Defense.Net, a company designed to mitigate the increasing scale and sophistication of modern Distributed Denial of Service (DDoS) attacks, has released statements from the company’s founder, Barrett Lyon, and CEO, Chris Risley, on the plea agreement reached in the “PayPal 14” case of the hackers that worked with the group Anonymous to shut down PayPal in December 2010 via a DDoS attack. Lyon, whose pursuit of hackers operating as part of the Russian mob was chronicled in the best-selling book Fatal System Error, and who created what is now the $1 billion DDoS mitigation industry more than 10 years ago, asserted that there is no noble or justified use of DDoS in any case.
Commented Lyon: “I was shocked to learn this morning that some view the plea agreement reached yesterday in the PayPal 14 case as a vindication for civil disobedience, and I fear that this will encourage even more people to engage in malicious DDoS attacks. Let’s be clear, there is no nobility in launching a cyberattack that destroys the ability of people to access a website. This is not civil disobedience or a legitimate form of protest. It is a destructive attack that is so powerful that it is being added to the war arsenals of nation-states. What I find ironic is that the members of Anonymous claim that they are working on behalf of free speech while the tactics they employ serve to take down websites and suppress speech. The very word ‘denial’ in Denial of Service attacks illustrates that these attacks are not about freedom. These bare knuckled attacks are no different from the bully in the schoolyard.”

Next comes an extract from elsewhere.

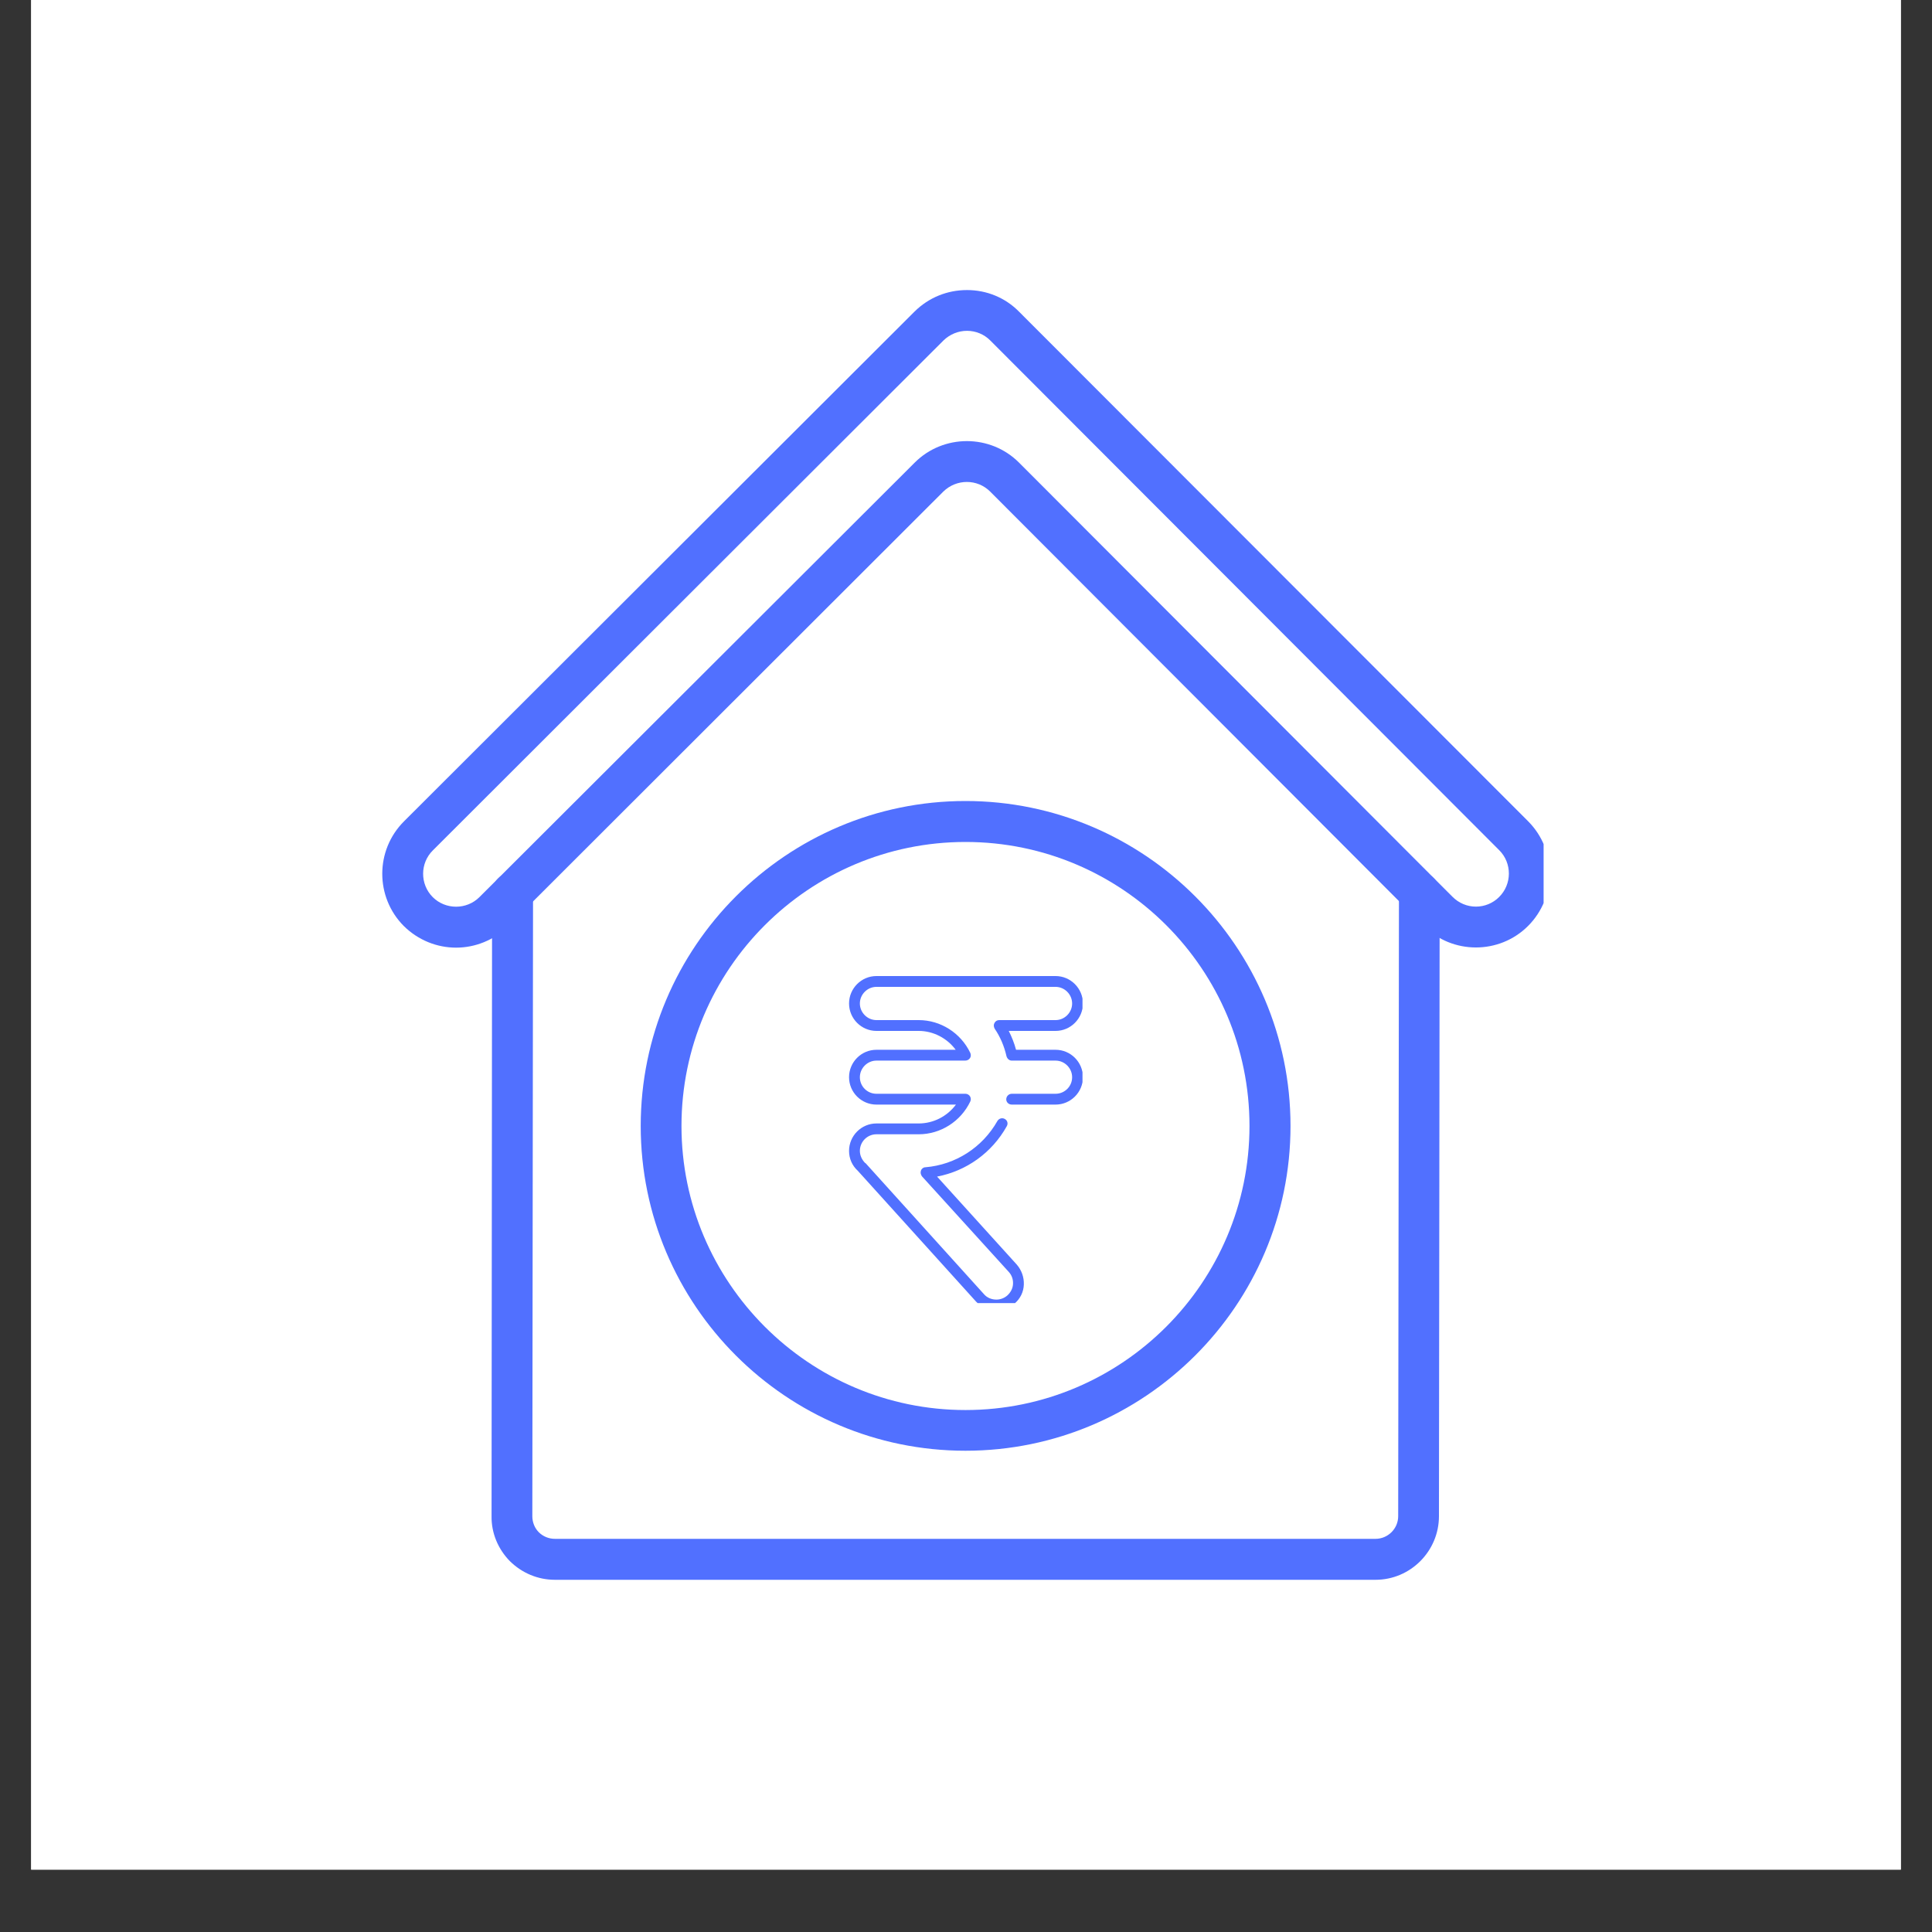 <svg version="1.0" preserveAspectRatio="xMidYMid meet" height="40" viewBox="0 0 30 30" zoomAndPan="magnify" width="40" xmlns:xlink="http://www.w3.org/1999/xlink" xmlns="http://www.w3.org/2000/svg"><rect x="0" y="0" width="30" height="30" fill="#333333" stroke="none"/><defs><clipPath id="c07b2c2138"><path clip-rule="nonzero" d="M 0.484 0 L 29.516 0 L 29.516 29.031 L 0.484 29.031 Z M 0.484 0"></path></clipPath><clipPath id="0b56e445ca"><path clip-rule="nonzero" d="M 7 13 L 23 13 L 23 24.824 L 7 24.824 Z M 7 13"></path></clipPath><clipPath id="097713c0f8"><path clip-rule="nonzero" d="M 5.824 4.504 L 23.969 4.504 L 23.969 15 L 5.824 15 Z M 5.824 4.504"></path></clipPath><clipPath id="0e7796bb41"><path clip-rule="nonzero" d="M 11.605 14.359 L 18.395 14.359 L 18.395 21.152 L 11.605 21.152 Z M 11.605 14.359"></path></clipPath><clipPath id="04a1f98689"><path clip-rule="nonzero" d="M 15 14.359 C 13.125 14.359 11.605 15.883 11.605 17.758 C 11.605 19.633 13.125 21.152 15 21.152 C 16.875 21.152 18.395 19.633 18.395 17.758 C 18.395 15.883 16.875 14.359 15 14.359 Z M 15 14.359"></path></clipPath><clipPath id="60de036947"><path clip-rule="nonzero" d="M 0.605 0.359 L 7.395 0.359 L 7.395 7.152 L 0.605 7.152 Z M 0.605 0.359"></path></clipPath><clipPath id="0e02ad489c"><path clip-rule="nonzero" d="M 4 0.359 C 2.125 0.359 0.605 1.883 0.605 3.758 C 0.605 5.633 2.125 7.152 4 7.152 C 5.875 7.152 7.395 5.633 7.395 3.758 C 7.395 1.883 5.875 0.359 4 0.359 Z M 4 0.359"></path></clipPath><clipPath id="e62aeed82b"><rect height="8" y="0" width="8" x="0"></rect></clipPath><clipPath id="26111eab0a"><path clip-rule="nonzero" d="M 13.18 15.156 L 16.809 15.156 L 16.809 20.234 L 13.18 20.234 Z M 13.18 15.156"></path></clipPath></defs><g clip-path="url(#c07b2c2138)"><path fill-rule="nonzero" fill-opacity="1" d="M 0.484 0 L 29.516 0 L 29.516 29.031 L 0.484 29.031 Z M 0.484 0" fill="#ffffff"></path><path fill-rule="nonzero" fill-opacity="1" d="M 0.484 0 L 29.516 0 L 29.516 29.031 L 0.484 29.031 Z M 0.484 0" fill="#ffffff"></path></g><path fill-rule="nonzero" fill-opacity="1" d="M 14.992 22.527 C 12.211 22.527 9.949 20.266 9.949 17.484 C 9.949 14.703 12.211 12.438 14.992 12.438 C 17.773 12.438 20.039 14.703 20.039 17.484 C 20.039 20.266 17.773 22.527 14.992 22.527 Z M 14.992 13.074 C 12.562 13.074 10.582 15.051 10.582 17.484 C 10.582 19.914 12.562 21.895 14.992 21.895 C 17.426 21.895 19.402 19.914 19.402 17.484 C 19.402 15.051 17.426 13.074 14.992 13.074 Z M 14.992 13.074" fill="#5170ff"></path><path fill-rule="nonzero" fill-opacity="1" d="M 15.504 17.801 L 14.484 17.801 C 13.984 17.801 13.578 17.395 13.578 16.895 L 13.578 16.035 C 13.578 15.535 13.984 15.129 14.484 15.129 L 16.094 15.129 C 16.266 15.129 16.41 15.273 16.41 15.445 C 16.41 15.621 16.266 15.766 16.094 15.766 L 14.484 15.766 C 14.336 15.766 14.211 15.887 14.211 16.035 L 14.211 16.895 C 14.211 17.043 14.336 17.168 14.484 17.168 L 15.504 17.168 C 15.676 17.168 15.82 17.309 15.82 17.484 C 15.82 17.66 15.676 17.801 15.504 17.801 Z M 15.504 17.801" fill="#5170ff"></path><path fill-rule="nonzero" fill-opacity="1" d="M 15.504 19.836 L 13.895 19.836 C 13.719 19.836 13.578 19.695 13.578 19.52 C 13.578 19.344 13.719 19.203 13.895 19.203 L 15.504 19.203 C 15.652 19.203 15.773 19.082 15.773 18.93 L 15.773 18.074 C 15.773 17.922 15.652 17.801 15.504 17.801 L 14.484 17.801 C 14.309 17.801 14.168 17.66 14.168 17.484 C 14.168 17.309 14.309 17.168 14.484 17.168 L 15.504 17.168 C 16.004 17.168 16.41 17.574 16.41 18.074 L 16.41 18.93 C 16.41 19.43 16.004 19.836 15.504 19.836 Z M 15.504 19.836" fill="#5170ff"></path><path fill-rule="nonzero" fill-opacity="1" d="M 14.992 15.766 C 14.816 15.766 14.676 15.621 14.676 15.445 L 14.676 14.695 C 14.676 14.523 14.816 14.379 14.992 14.379 C 15.168 14.379 15.312 14.523 15.312 14.695 L 15.312 15.445 C 15.312 15.621 15.168 15.766 14.992 15.766 Z M 14.992 15.766" fill="#5170ff"></path><path fill-rule="nonzero" fill-opacity="1" d="M 14.992 20.586 C 14.816 20.586 14.676 20.445 14.676 20.27 L 14.676 19.52 C 14.676 19.344 14.816 19.203 14.992 19.203 C 15.168 19.203 15.312 19.344 15.312 19.52 L 15.312 20.27 C 15.312 20.445 15.168 20.586 14.992 20.586 Z M 14.992 20.586" fill="#5170ff"></path><g clip-path="url(#0b56e445ca)"><path fill-rule="nonzero" fill-opacity="1" d="M 21.359 24.531 L 8.617 24.531 C 8.352 24.531 8.105 24.426 7.918 24.242 C 7.734 24.055 7.629 23.805 7.633 23.543 L 7.641 13.863 C 7.641 13.688 7.785 13.547 7.957 13.547 C 8.133 13.547 8.277 13.691 8.277 13.863 L 8.266 23.543 C 8.266 23.637 8.301 23.727 8.367 23.793 C 8.434 23.859 8.523 23.895 8.617 23.895 L 21.359 23.895 C 21.551 23.895 21.711 23.738 21.711 23.543 L 21.723 13.859 C 21.723 13.684 21.863 13.543 22.039 13.543 C 22.215 13.543 22.355 13.684 22.355 13.859 L 22.344 23.543 C 22.344 24.086 21.902 24.531 21.359 24.531 Z M 21.359 24.531" fill="#5170ff"></path></g><g clip-path="url(#097713c0f8)"><path fill-rule="nonzero" fill-opacity="1" d="M 7.082 14.715 C 6.789 14.715 6.496 14.602 6.27 14.379 C 5.824 13.93 5.824 13.203 6.273 12.754 L 14.203 4.836 C 14.422 4.621 14.707 4.504 15.016 4.504 C 15.32 4.504 15.609 4.621 15.824 4.84 L 23.73 12.754 C 24.176 13.203 24.176 13.93 23.727 14.379 C 23.281 14.824 22.551 14.824 22.105 14.375 L 15.375 7.633 C 15.176 7.434 14.852 7.434 14.648 7.633 L 7.895 14.379 C 7.668 14.602 7.375 14.715 7.082 14.715 Z M 15.016 5.137 C 14.879 5.137 14.75 5.191 14.652 5.285 L 6.723 13.203 C 6.52 13.402 6.52 13.73 6.719 13.93 L 6.496 14.152 L 6.719 13.93 C 6.918 14.129 7.246 14.129 7.445 13.93 L 14.203 7.184 C 14.648 6.738 15.379 6.738 15.824 7.184 L 22.555 13.926 C 22.652 14.023 22.781 14.078 22.918 14.078 C 23.055 14.078 23.184 14.023 23.277 13.93 C 23.48 13.73 23.48 13.402 23.281 13.203 L 15.375 5.285 C 15.281 5.191 15.152 5.137 15.016 5.137 Z M 15.016 5.137" fill="#5170ff"></path></g><g clip-path="url(#0e7796bb41)"><g clip-path="url(#04a1f98689)"><g transform="matrix(1, 0, 0, 1, 11, 14)"><g clip-path="url(#e62aeed82b)"><g clip-path="url(#60de036947)"><g clip-path="url(#0e02ad489c)"><path fill-rule="nonzero" fill-opacity="1" d="M 0.605 0.359 L 7.395 0.359 L 7.395 7.152 L 0.605 7.152 Z M 0.605 0.359" fill="#ffffff"></path></g></g></g></g></g></g><g clip-path="url(#26111eab0a)"><path fill-rule="nonzero" fill-opacity="1" d="M 16.391 16.301 L 15.777 16.301 C 15.75 16.199 15.711 16.102 15.664 16.008 L 16.391 16.008 C 16.625 16.008 16.816 15.816 16.816 15.582 C 16.816 15.348 16.625 15.156 16.391 15.156 L 13.609 15.156 C 13.375 15.156 13.184 15.348 13.184 15.582 C 13.184 15.816 13.375 16.008 13.609 16.008 L 14.266 16.008 C 14.492 16.008 14.707 16.121 14.84 16.301 L 13.609 16.301 C 13.375 16.301 13.184 16.492 13.184 16.727 C 13.184 16.961 13.375 17.152 13.609 17.152 L 14.844 17.152 C 14.707 17.336 14.492 17.445 14.266 17.445 L 13.609 17.445 C 13.375 17.445 13.184 17.637 13.184 17.871 C 13.184 17.988 13.23 18.098 13.32 18.18 L 15.156 20.211 C 15.238 20.297 15.352 20.352 15.473 20.352 C 15.578 20.352 15.68 20.309 15.758 20.238 C 15.844 20.164 15.895 20.059 15.898 19.945 C 15.902 19.832 15.863 19.723 15.789 19.637 L 14.551 18.27 C 15.004 18.184 15.402 17.902 15.633 17.488 C 15.656 17.449 15.645 17.398 15.602 17.375 C 15.562 17.352 15.512 17.367 15.488 17.406 C 15.254 17.82 14.836 18.086 14.371 18.125 C 14.34 18.125 14.312 18.145 14.301 18.176 C 14.289 18.207 14.297 18.238 14.316 18.266 L 15.664 19.75 C 15.711 19.801 15.734 19.867 15.73 19.938 C 15.727 20.004 15.695 20.066 15.645 20.113 C 15.598 20.156 15.535 20.18 15.473 20.18 C 15.398 20.18 15.328 20.152 15.281 20.098 L 13.441 18.062 C 13.438 18.062 13.438 18.059 13.434 18.059 C 13.383 18.008 13.352 17.941 13.352 17.871 C 13.352 17.727 13.469 17.613 13.609 17.613 L 14.266 17.613 C 14.605 17.613 14.918 17.414 15.066 17.105 C 15.078 17.078 15.078 17.051 15.062 17.023 C 15.047 17 15.02 16.984 14.992 16.984 L 13.609 16.984 C 13.469 16.984 13.352 16.871 13.352 16.727 C 13.352 16.586 13.469 16.469 13.609 16.469 L 14.988 16.469 C 15.02 16.469 15.047 16.453 15.062 16.43 C 15.078 16.406 15.078 16.375 15.066 16.348 C 14.918 16.039 14.605 15.84 14.266 15.84 L 13.609 15.84 C 13.469 15.84 13.352 15.723 13.352 15.582 C 13.352 15.441 13.469 15.324 13.609 15.324 L 16.391 15.324 C 16.531 15.324 16.648 15.441 16.648 15.582 C 16.648 15.723 16.531 15.84 16.391 15.84 L 15.516 15.84 C 15.484 15.84 15.457 15.855 15.441 15.887 C 15.426 15.914 15.43 15.945 15.445 15.973 C 15.531 16.098 15.594 16.246 15.629 16.402 C 15.641 16.441 15.672 16.469 15.711 16.469 L 16.391 16.469 C 16.531 16.469 16.648 16.586 16.648 16.727 C 16.648 16.871 16.531 16.984 16.391 16.984 L 15.711 16.984 C 15.664 16.984 15.625 17.023 15.625 17.07 C 15.625 17.117 15.664 17.152 15.711 17.152 L 16.391 17.152 C 16.625 17.152 16.816 16.961 16.816 16.727 C 16.816 16.492 16.625 16.301 16.391 16.301 Z M 16.391 16.301" fill="#5170ff"></path></g></svg>

Chris Risley added the following: “Currently we see thousands of small scale DDoS attacks occurring every day around the world to muzzle the free speech of someone else. Often the victims are smaller websites that do not make the news when they are attacked and do not have the financial resources to defend themselves. Sophisticated cyberattack tools have made it very easy for anyone to launch a crippling DDoS attack on any website for any reason. What concerns me is when we see this illegal activity mischaracterized by some as legitimate. Pleading guilty to a felony and paying a $5,000 fine is not a victory for hacker claims that DDoS is free speech. Their pleas demonstrate it’s a crime. That crime is muzzling the free speech of others.”
Lyon and Risley issued their statements in response to the plea entered yesterday for the individuals charged in U.S. District Court for the December 2010 DDoS attack that crippled PayPal’s website. The individuals were acting on behalf of the hacker organization Anonymous to attack PayPal for their termination of an account used for donations to WikiLeaks.
In DDoS attacks, perpetrators assemble an army of compromised computers to inundate a website with a volume of requests that overwhelms and crashes the website. Recently, the ease of access to sophisticated attack tools has advanced to a level where a botnet that can do millions of dollars of damage within minutes can be rented for $7 per hour. This has proliferated a weapon that was previously in the domain of sophisticated cybercriminals to a wide audience with varying motivations for attacking a website – from political or religious hacktivists to extortionists to business competitors, disgruntled customers or former employees.